In contrast, overexpression of miR-324-5p in gastric cancer cells reduces cell death and promotes growth and proliferation. miR-324-5p has also been shown to reduce the viability of gastric cancer cells via downregulation of TSPAN8, and miR-324-5p expression increased apoptosis in these same gastric cancer cells.

===Epilepsy===
Seizures are characterized by high levels of synchronized neuronal activity. One important regulator of neuronal activity is the hyperpolarizing A-type current mediated by potassium channel KV4.2. miR-324-5p downregulates KV4.2, exacerbating conditions that lead to seizure onset, and downregulation of miR-324-5p in mouse models of epilepsy is seizure-suppressive.

Changes in miRNA expression are seen in epileptogenesis and in other disease pathologies. In epilepsy, miR-324-5p expression has been shown to increase and decrease at different timepoints and loci.

Importantly, miR-324-5p has increased association with the RISC complex following seizure in mice, indicating more suppressive activity.

Overall, this suggests that miR-324-5p plays a role in epileptogenesis via targeting of potassium channel KV4.2.

===Cardiac disease===
miR-324-5p contributes to cardiac disease pathophysiology and cardiomyocite death through translational inhibition of Mtfr1, leading to reduced mitochondrial fission, apoptosis, and myocardial infarction.

===Psychiatric conditions===
MiRNA expression profiles are altered in psychiatric conditions, including depression, anxiety, and PTSD. It has been demonstrated that miR-324-5p expression is altered in the brains of suicide victims with depression and in the amygdala, the fear center of the brain, in PTSD. MiRNAs are an underexplored potential biomarker and target for treatment for psychiatric disease.

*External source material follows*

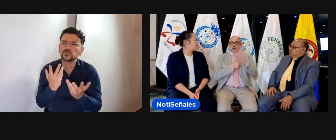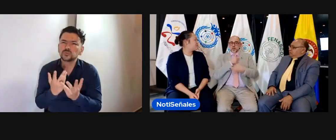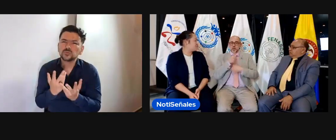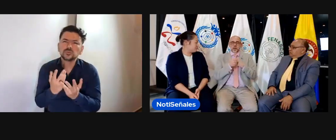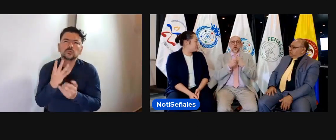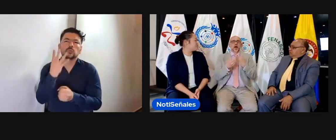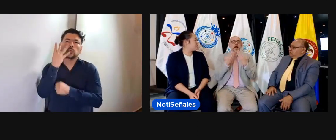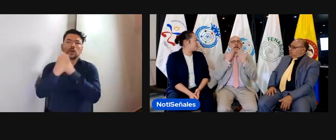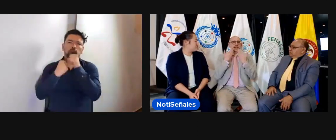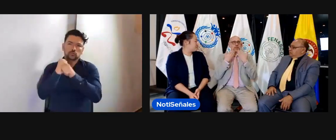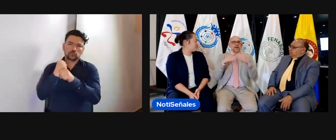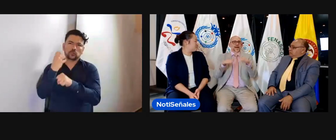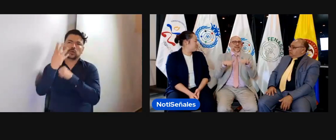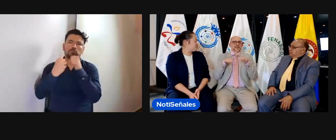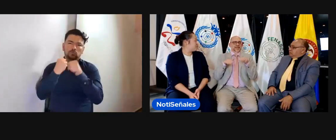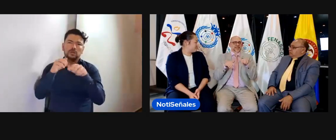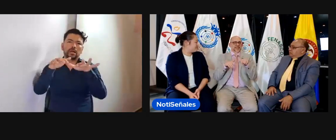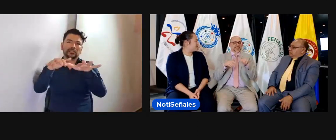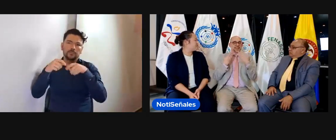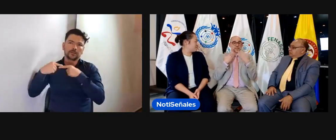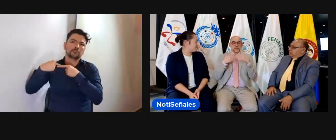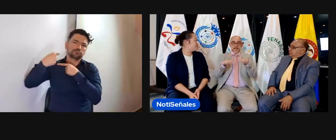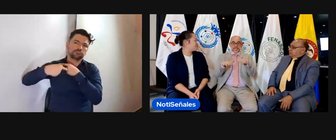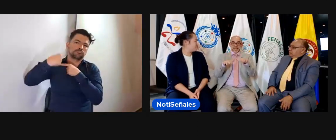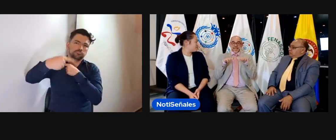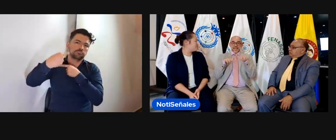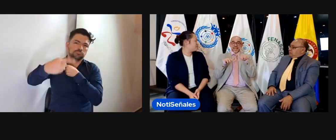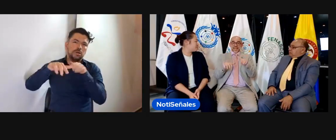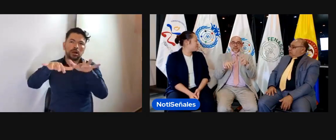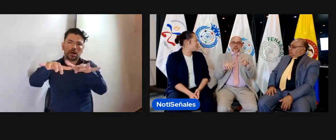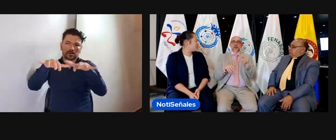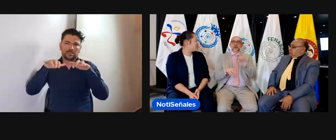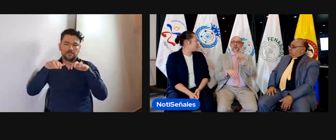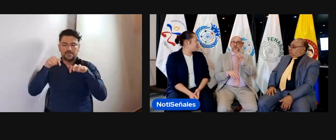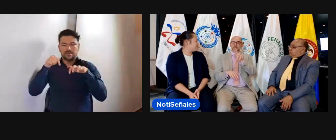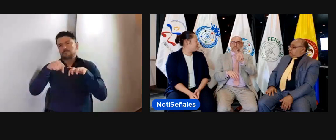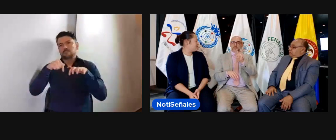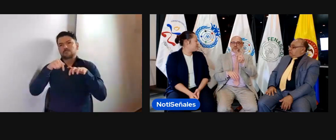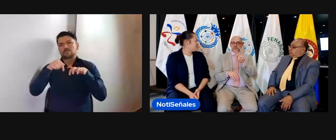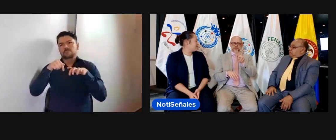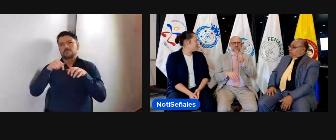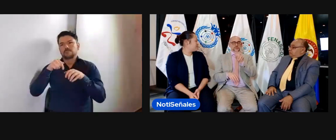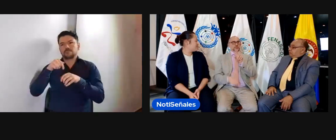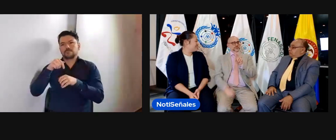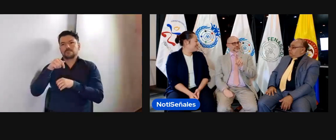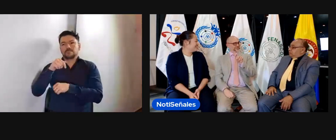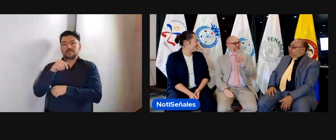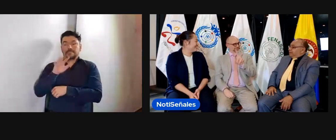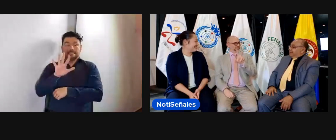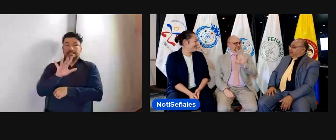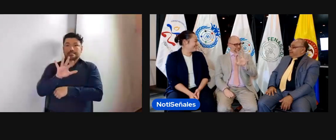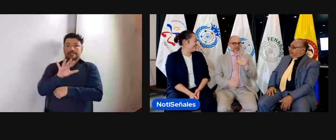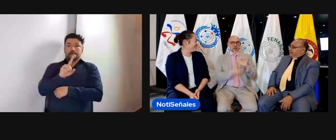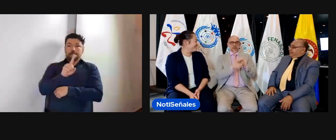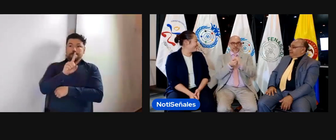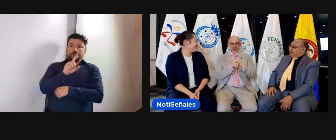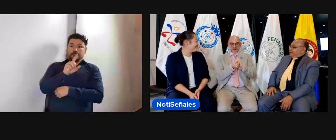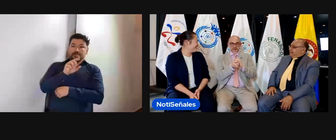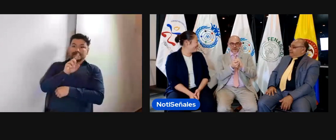¿Cómo se maneja allí este proceso? Bueno, cada cuatro años hay esas candidaturas que se hacen en 135
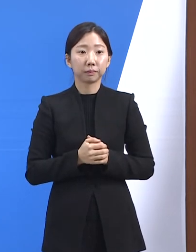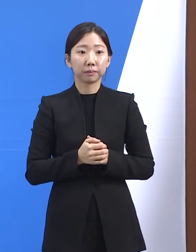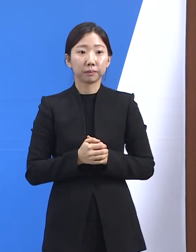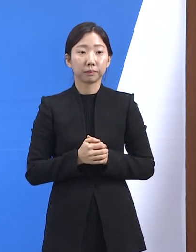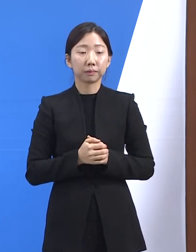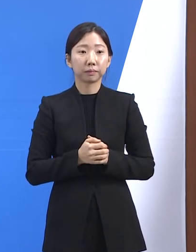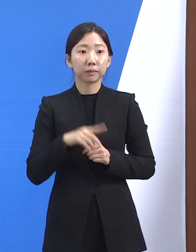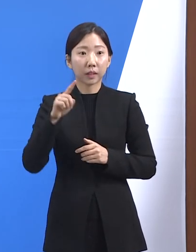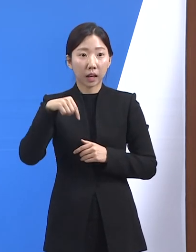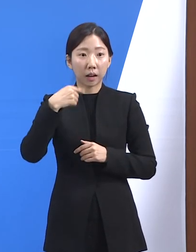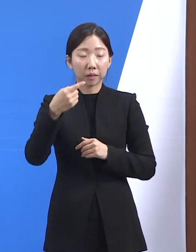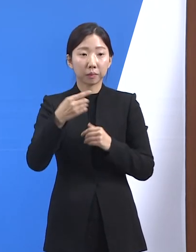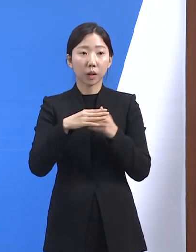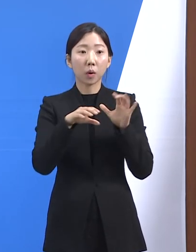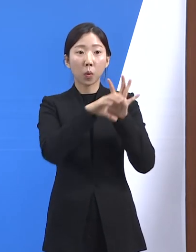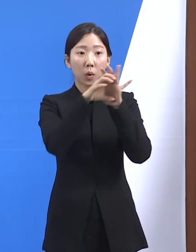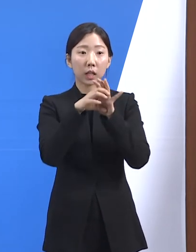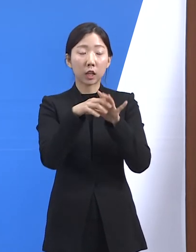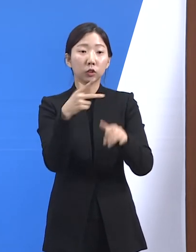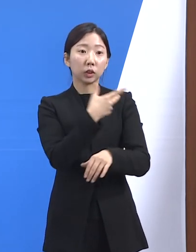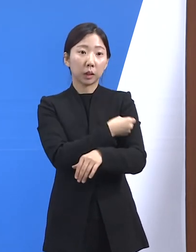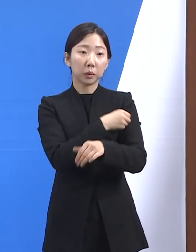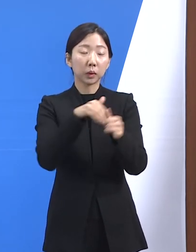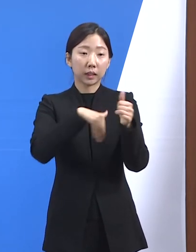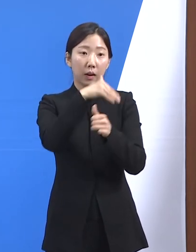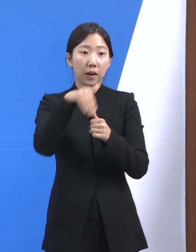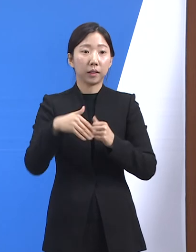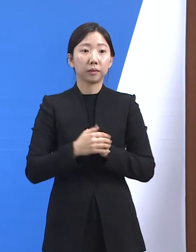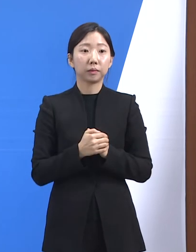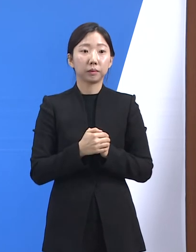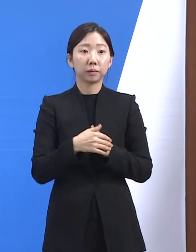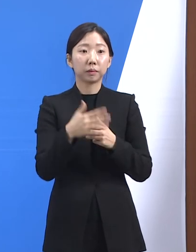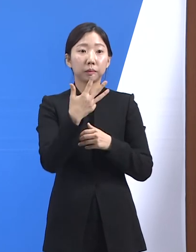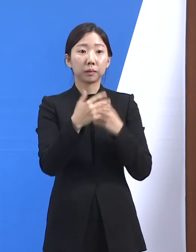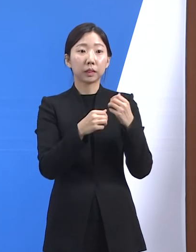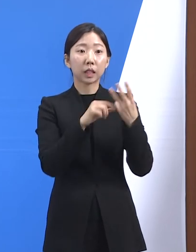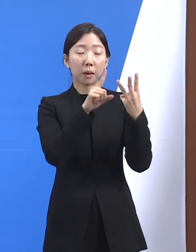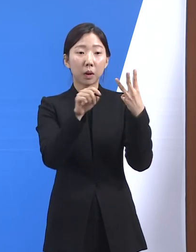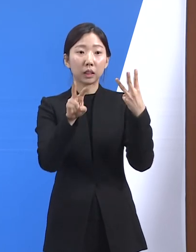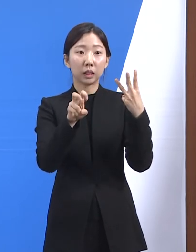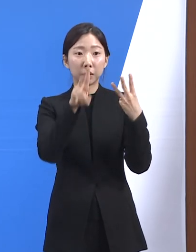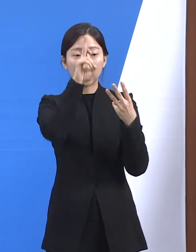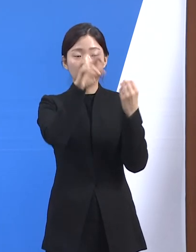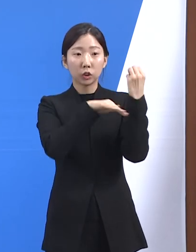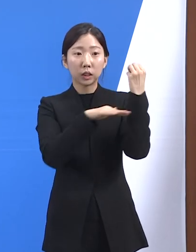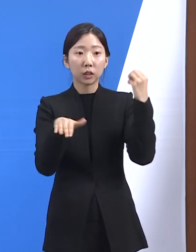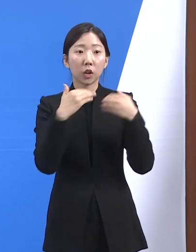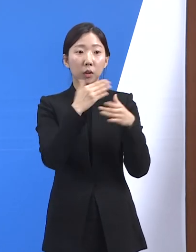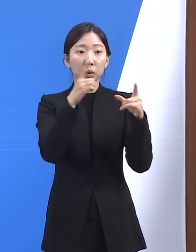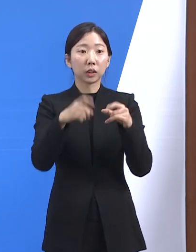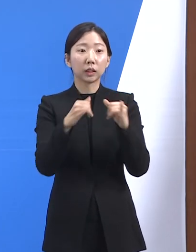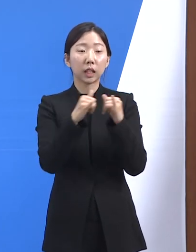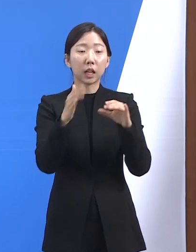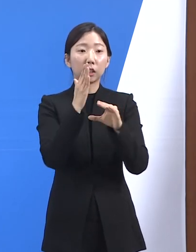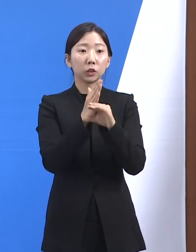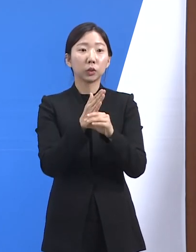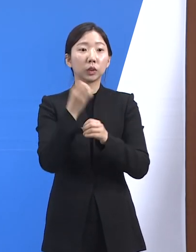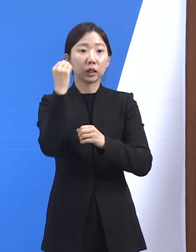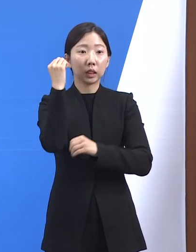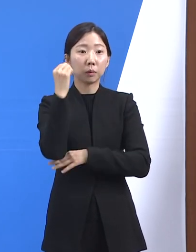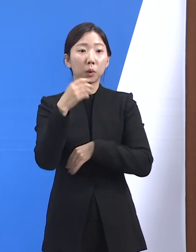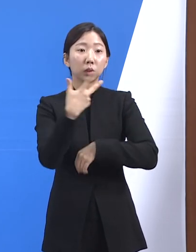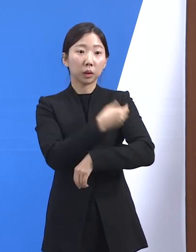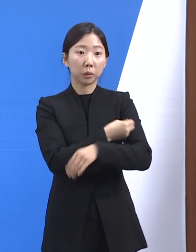다음은 코로나19 예방접종 현황입니다. 3월 22일 0시 기준 경기도민 가운데 코로나19 기본접종을

==Future research and potential in medicine==
miRNA-324-5p is a relatively new and understudied microRNA. It is an important regulator in several diseases, and its effects span across the body from neuronal dysregulation in seizure to hepatocellular carcinoma and cardiac disease. Because microRNAs have numerous targets, they are capable of regulating multiple pathways and circuits, an ability that may be useful in the treatment of complex disorders like epilepsy in which many subsystems are dysregulated. However, the wide-ranging functions of miRNAs may be limiting as well. microRNA expression modulation could lead to unanticipated physiological effects and not provide adequate specificity.